To avoid misdiagnosis, tissue diagnosis is important as NPC and nasopharyngeal tuberculosis can present similarly with cervical lymph node enlargement and a lesion in the nasopharynx. ⁷ Some of the other differential diagnoses include midline granuloma, Wegener’s granuloma, sarcoid, syphilis, lymphoma, fungal infections, leprosy and periarteritis nodosa. ¹⁶ There is no specific examination or diagnostic clues for nasopharyngeal tuberculosis except histological findings. ¹¹ The endoscopic appearances of nasopharyngeal tuberculosis are reported as being smooth swelling,^6,12 irregular mucosal thickening,^4,16 polypoidal mass,^9,10 granuloma-like masses, ⁸ and mucosal oedema and hyperaemia. ⁵

Tuberculosis is diagnosed by laboratory techniques that include culture, demonstration of acid-fast bacilli on microscopy, histopathology and polymerase chain reaction (PCR) analysis. ¹³ The demonstration of acid-fast bacilli by ZN staining is not confirmatory of tuberculosis, as bacilli may be non-tuberculous mycobacteria. ¹³ The absence of AFB on ZN stain, on the contrary, does not exclude tuberculosis because sensitivity is poor in patients with paucibacillary tuberculosis, including children, patients with extrapulmonary tuberculosis or those who are HIV coinfected. ¹⁷ Moreover, the presence of granuloma or its absence in histopathology does not confirm tuberculosis or exclude it, respectively.

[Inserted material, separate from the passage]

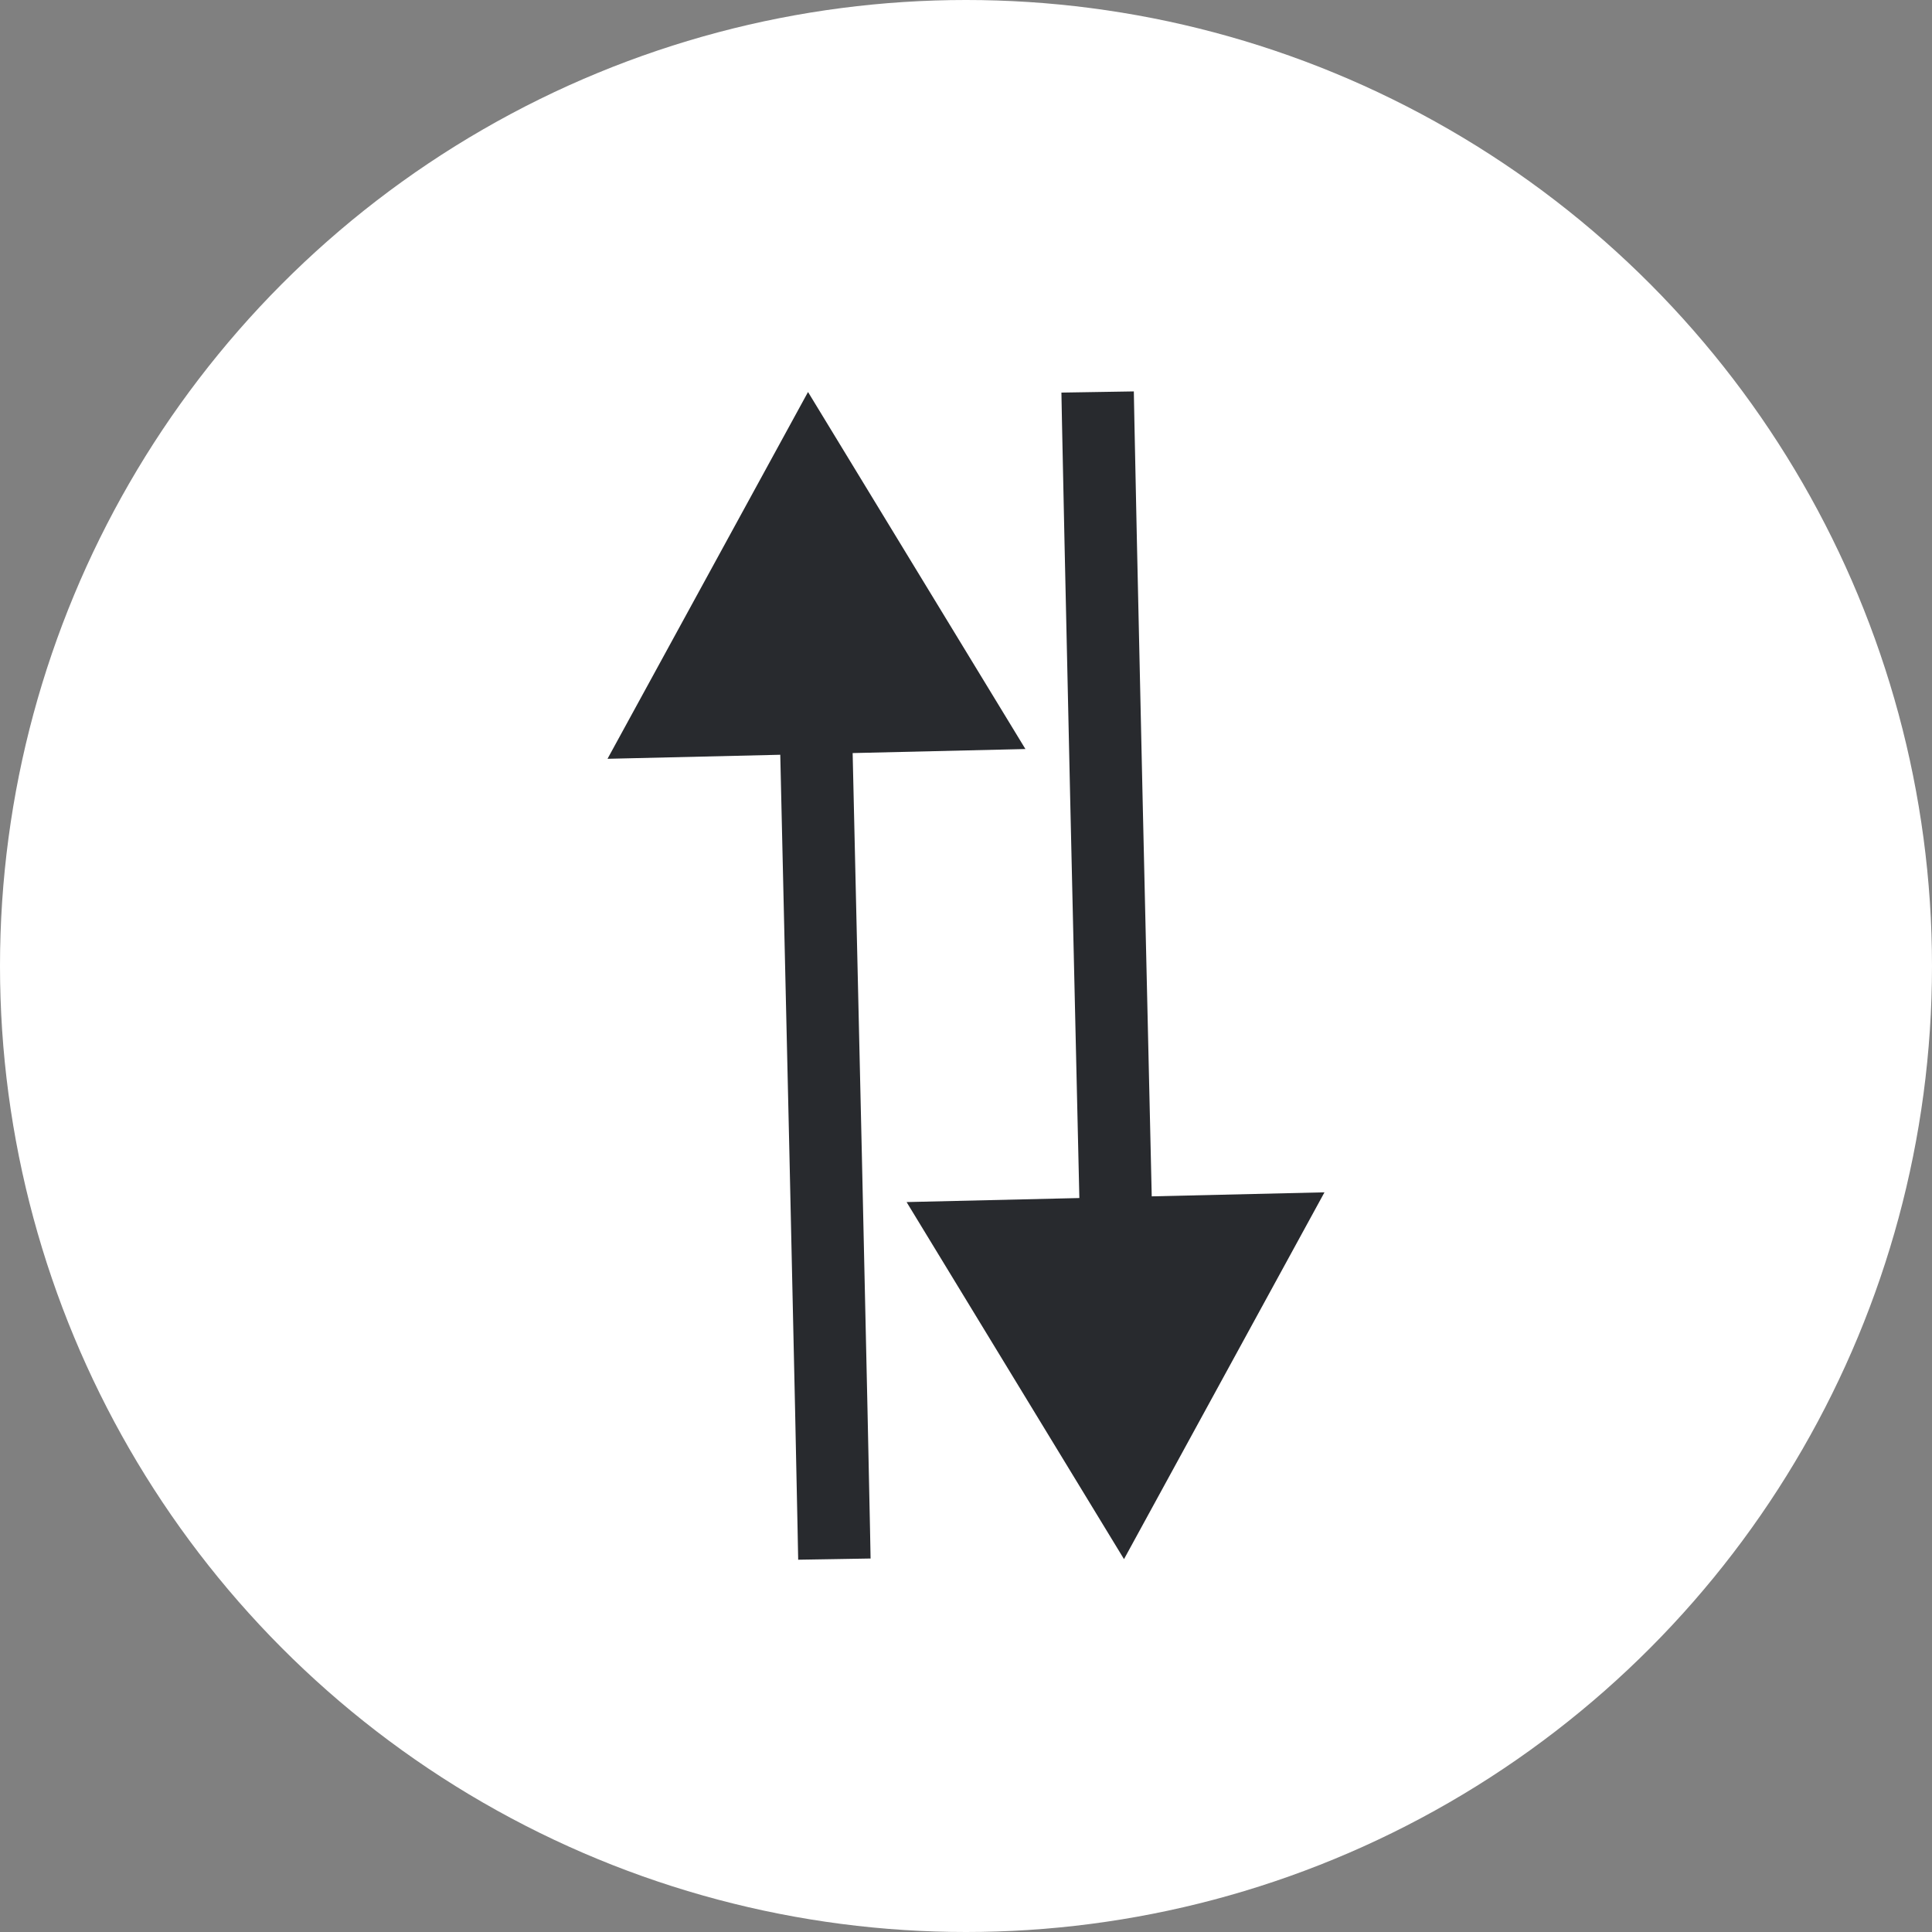 <?xml version="1.0" encoding="UTF-8"?> <svg xmlns="http://www.w3.org/2000/svg" width="69" height="69" viewBox="0 0 69 69" fill="none"><rect x="0" y="0" width="69" height="69" fill="#808080" stroke="none"/><circle cx="34.5" cy="34.5" r="34.5" fill="white"></circle><path d="M28.858 14L21.697 27.1L36.622 26.751L28.858 14ZM29.799 55.683C31.092 55.661 31.092 55.661 31.092 55.661C31.092 55.661 31.092 55.661 31.092 55.661C31.092 55.661 31.092 55.661 31.092 55.66C31.092 55.66 31.092 55.659 31.092 55.658C31.092 55.656 31.092 55.652 31.092 55.648C31.092 55.639 31.091 55.625 31.091 55.607C31.09 55.569 31.089 55.511 31.088 55.428C31.085 55.263 31.08 54.998 31.072 54.599C31.056 53.802 31.028 52.471 30.982 50.33C30.89 46.05 30.722 38.536 30.422 25.599L27.837 25.659C28.137 38.595 28.305 46.108 28.397 50.386C28.443 52.525 28.471 53.856 28.486 54.651C28.494 55.048 28.499 55.312 28.502 55.477C28.504 55.559 28.505 55.616 28.506 55.652C28.506 55.67 28.506 55.684 28.506 55.692C28.506 55.696 28.506 55.699 28.506 55.701C28.506 55.702 28.506 55.703 28.506 55.703C28.506 55.704 28.506 55.704 28.506 55.704C28.506 55.704 28.506 55.704 28.506 55.704C28.506 55.704 28.506 55.704 29.799 55.683Z" fill="#282A2E"></path><path d="M40.143 55.683L47.303 42.583L32.378 42.931L40.143 55.683ZM39.201 14C37.908 14.021 37.908 14.021 37.908 14.021C37.908 14.021 37.908 14.021 37.908 14.022C37.908 14.022 37.908 14.022 37.908 14.022C37.908 14.023 37.908 14.024 37.908 14.025C37.908 14.027 37.908 14.03 37.908 14.035C37.909 14.044 37.909 14.057 37.909 14.076C37.91 14.113 37.911 14.171 37.912 14.254C37.916 14.42 37.921 14.685 37.928 15.083C37.944 15.88 37.972 17.212 38.018 19.352C38.11 23.633 38.278 31.147 38.578 44.083L41.163 44.023C40.863 31.087 40.696 23.575 40.603 19.297C40.557 17.157 40.53 15.827 40.514 15.032C40.506 14.634 40.501 14.37 40.498 14.206C40.496 14.124 40.495 14.067 40.495 14.03C40.494 14.012 40.494 13.999 40.494 13.991C40.494 13.986 40.494 13.983 40.494 13.981C40.494 13.98 40.494 13.98 40.494 13.979C40.494 13.979 40.494 13.979 40.494 13.979C40.494 13.979 40.494 13.979 40.494 13.979C40.494 13.979 40.494 13.979 39.201 14Z" fill="#282A2E"></path></svg>

Nasopharyngeal cancer may cause granulomatous reactions in the surrounding tissues ⁶ and there are other conditions such as syphilis, leprosy, fungal infection, Wegener granulomatosis and sarcoidosis that cause granulomatous lesions. NPC and tuberculosis may rarely co-exist,^18,19 which makes it important to exclude both conditions. In our case, it was necessary to re-biopsy the nasopharyngeal mass to exclude NPC as the ultrasound scan of the neck, the FNAC report, and the CT scan findings were suspicious of malignant disease. The second biopsy, which demonstrated caseating granuloma and AFB, and the absence of malignant cells, led us to diagnose the case as nasopharyngeal tuberculosis. Subsequently, sputum smears for AFB tested positive, which indicated the diagnosis of nasopharyngeal tuberculosis secondary to pulmonary tuberculosis. A culture for AFB and PCR analysis should have been done in our case to confirm the diagnosis of nasopharyngeal tuberculosis. However, these tests are not readily available in our resource-poor setting. Moreover, as the culture for AFB takes a long time, loss of patient follow-up is a concern in our setting where patients are mostly uneducated.

Conclusion

Nasopharyngeal tuberculosis is rare. It may be confused with NPC due to the absence of constitutional symptoms of tuberculosis, lack of characteristic endoscopic appearance and imaging findings. It may cause a diagnostic dilemma, especially in a resource-poor setting where confirmatory tests are not readily available. A repeat biopsy of the nasopharyngeal lesion may be necessary to diagnose it and exclude more common NPC. Primary infection in the lungs should be excluded by adequate assessment before labelling it as a case of primary nasopharyngeal tuberculosis.